Kernel Mode Code Integrity (KMCI)
First introduced in Windows Vista, KMCI ensures that code (drivers, operating system files, programs, etc.) running in the Windows kernel has been signed and trusted. This ensures the Windows kernel has not been compromised prior to the Windows operating system loading.
User Mode Code Integrity (UMCI)
New to Windows 10, UMCI ensures that all subsequent code (software applications running once the Windows operating system is loaded) is trusted.
Runs Inside Secure Hyper-Visor Container
What's new to KMCI is that it runs inside of a Windows hypervisor (Hyper-V) container called Virtual Secure Mode (VSM). VSM creates a security boundary to protect sensitive data such as credentials, password hashes, cryptographic keys, and signatures to identify company defined authorized software, etc. Only KMCI can access VSM when providing code validation and policy enforcement. The secure boundary VSM forms is impenetrable and can only be managed by the hypervisor where it is constantly checked for unsolicited attempts to modify it. VSM’s protection of sensitive data is what makes Device Guard a game-changer in Windows endpoint security!
Windows 10: Disrupting the Revolution of Cyber-Threats with Revolutionary Security! – 0:16:21
Policy-driven. Trustworthiness guaranteed.

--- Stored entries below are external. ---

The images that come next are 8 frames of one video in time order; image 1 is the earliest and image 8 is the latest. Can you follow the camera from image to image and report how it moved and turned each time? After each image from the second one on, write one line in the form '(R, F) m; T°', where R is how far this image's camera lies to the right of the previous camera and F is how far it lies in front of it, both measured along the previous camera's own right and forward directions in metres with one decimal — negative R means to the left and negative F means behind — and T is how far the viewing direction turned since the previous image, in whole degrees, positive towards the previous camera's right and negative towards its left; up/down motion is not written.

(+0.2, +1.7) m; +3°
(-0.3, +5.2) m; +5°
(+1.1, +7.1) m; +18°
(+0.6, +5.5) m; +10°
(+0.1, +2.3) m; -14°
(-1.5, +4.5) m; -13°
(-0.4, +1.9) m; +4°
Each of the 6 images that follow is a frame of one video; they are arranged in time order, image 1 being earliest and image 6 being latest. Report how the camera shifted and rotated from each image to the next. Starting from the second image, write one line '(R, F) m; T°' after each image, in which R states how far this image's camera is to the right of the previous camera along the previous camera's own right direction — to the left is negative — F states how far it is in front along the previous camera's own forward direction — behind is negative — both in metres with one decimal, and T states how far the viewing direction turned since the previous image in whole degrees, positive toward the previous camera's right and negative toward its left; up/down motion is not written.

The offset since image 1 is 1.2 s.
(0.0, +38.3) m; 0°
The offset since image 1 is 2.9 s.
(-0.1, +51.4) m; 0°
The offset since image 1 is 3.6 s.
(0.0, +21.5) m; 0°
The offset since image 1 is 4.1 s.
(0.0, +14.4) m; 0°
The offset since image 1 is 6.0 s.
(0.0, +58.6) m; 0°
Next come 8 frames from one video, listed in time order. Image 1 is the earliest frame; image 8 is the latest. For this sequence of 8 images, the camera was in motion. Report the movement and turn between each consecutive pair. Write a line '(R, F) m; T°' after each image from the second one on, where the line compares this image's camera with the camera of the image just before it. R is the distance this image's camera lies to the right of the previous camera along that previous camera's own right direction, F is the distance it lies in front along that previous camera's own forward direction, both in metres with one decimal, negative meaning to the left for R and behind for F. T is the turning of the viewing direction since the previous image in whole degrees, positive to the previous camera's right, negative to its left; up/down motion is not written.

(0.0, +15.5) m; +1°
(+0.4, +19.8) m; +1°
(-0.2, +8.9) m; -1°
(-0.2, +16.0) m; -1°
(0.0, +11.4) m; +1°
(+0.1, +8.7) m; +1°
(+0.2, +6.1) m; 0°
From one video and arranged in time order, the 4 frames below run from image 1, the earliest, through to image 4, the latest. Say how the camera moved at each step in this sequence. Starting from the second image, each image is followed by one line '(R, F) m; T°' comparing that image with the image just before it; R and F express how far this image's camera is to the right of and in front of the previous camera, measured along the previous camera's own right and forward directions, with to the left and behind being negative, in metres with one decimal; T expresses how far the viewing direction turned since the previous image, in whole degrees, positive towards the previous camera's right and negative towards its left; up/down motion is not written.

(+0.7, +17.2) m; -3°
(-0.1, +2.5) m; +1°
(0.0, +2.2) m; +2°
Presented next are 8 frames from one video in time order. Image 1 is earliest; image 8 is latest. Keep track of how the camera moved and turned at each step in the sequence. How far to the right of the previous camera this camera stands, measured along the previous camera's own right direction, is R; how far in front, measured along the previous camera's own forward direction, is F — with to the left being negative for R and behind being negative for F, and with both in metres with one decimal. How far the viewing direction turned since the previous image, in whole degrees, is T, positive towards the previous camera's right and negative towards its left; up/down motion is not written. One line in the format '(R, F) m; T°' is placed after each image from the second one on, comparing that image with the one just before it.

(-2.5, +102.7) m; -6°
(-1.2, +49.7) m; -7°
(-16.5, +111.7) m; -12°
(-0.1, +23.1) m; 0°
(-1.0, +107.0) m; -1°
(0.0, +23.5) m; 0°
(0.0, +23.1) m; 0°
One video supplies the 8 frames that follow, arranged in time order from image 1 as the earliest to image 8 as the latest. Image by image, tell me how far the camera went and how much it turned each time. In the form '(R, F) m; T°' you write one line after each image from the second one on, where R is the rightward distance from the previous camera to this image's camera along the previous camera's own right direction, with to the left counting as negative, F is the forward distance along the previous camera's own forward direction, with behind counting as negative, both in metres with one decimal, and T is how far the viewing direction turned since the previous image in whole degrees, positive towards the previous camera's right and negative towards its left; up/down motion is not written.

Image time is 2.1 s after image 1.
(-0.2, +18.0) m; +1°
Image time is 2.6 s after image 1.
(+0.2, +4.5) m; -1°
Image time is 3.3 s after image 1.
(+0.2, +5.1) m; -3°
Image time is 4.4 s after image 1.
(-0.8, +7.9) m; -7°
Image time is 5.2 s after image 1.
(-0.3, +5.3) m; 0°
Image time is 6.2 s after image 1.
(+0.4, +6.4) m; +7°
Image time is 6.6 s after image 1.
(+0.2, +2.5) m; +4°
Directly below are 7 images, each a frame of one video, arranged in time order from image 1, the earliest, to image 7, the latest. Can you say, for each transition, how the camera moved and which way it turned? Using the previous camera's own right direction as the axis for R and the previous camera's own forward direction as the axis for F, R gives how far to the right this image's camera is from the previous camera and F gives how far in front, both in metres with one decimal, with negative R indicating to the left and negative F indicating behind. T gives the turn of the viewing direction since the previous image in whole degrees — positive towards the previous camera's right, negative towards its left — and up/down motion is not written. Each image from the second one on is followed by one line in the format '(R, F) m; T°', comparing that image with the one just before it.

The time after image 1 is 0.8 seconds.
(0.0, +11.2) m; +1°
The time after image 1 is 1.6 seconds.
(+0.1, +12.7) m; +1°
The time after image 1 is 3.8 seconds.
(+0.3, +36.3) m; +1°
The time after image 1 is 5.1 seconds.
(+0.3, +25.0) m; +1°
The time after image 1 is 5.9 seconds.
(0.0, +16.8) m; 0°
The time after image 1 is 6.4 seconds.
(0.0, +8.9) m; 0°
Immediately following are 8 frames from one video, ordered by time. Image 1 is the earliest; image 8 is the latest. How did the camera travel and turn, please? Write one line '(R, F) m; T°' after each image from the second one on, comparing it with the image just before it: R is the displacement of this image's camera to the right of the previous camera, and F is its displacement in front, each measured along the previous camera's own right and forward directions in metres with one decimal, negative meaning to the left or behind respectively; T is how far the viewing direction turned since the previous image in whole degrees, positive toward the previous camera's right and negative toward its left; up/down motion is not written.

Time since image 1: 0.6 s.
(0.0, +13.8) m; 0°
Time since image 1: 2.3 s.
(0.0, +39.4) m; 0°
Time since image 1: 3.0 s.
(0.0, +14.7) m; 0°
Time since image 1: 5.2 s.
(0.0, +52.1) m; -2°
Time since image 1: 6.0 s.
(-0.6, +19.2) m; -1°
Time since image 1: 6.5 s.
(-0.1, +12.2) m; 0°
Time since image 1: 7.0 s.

In order for Device Guard to be used effectively, it is important to know what code is running in the environment. Rules are created that uniquely identify code that is trusted. The rules define code attributes such as the filename, signature, hash, digital certificates, trusted publisher and vendor information, etc. The rules are later captured in policies. This is effectively whitelisting. Active Directory and enterprise management products like Configuration Manager can be used to centrally manage and distribute the policies to the endpoints. Combined with the functions of modern hardware, and security features and tools in Windows 10, the policies can then be enforced.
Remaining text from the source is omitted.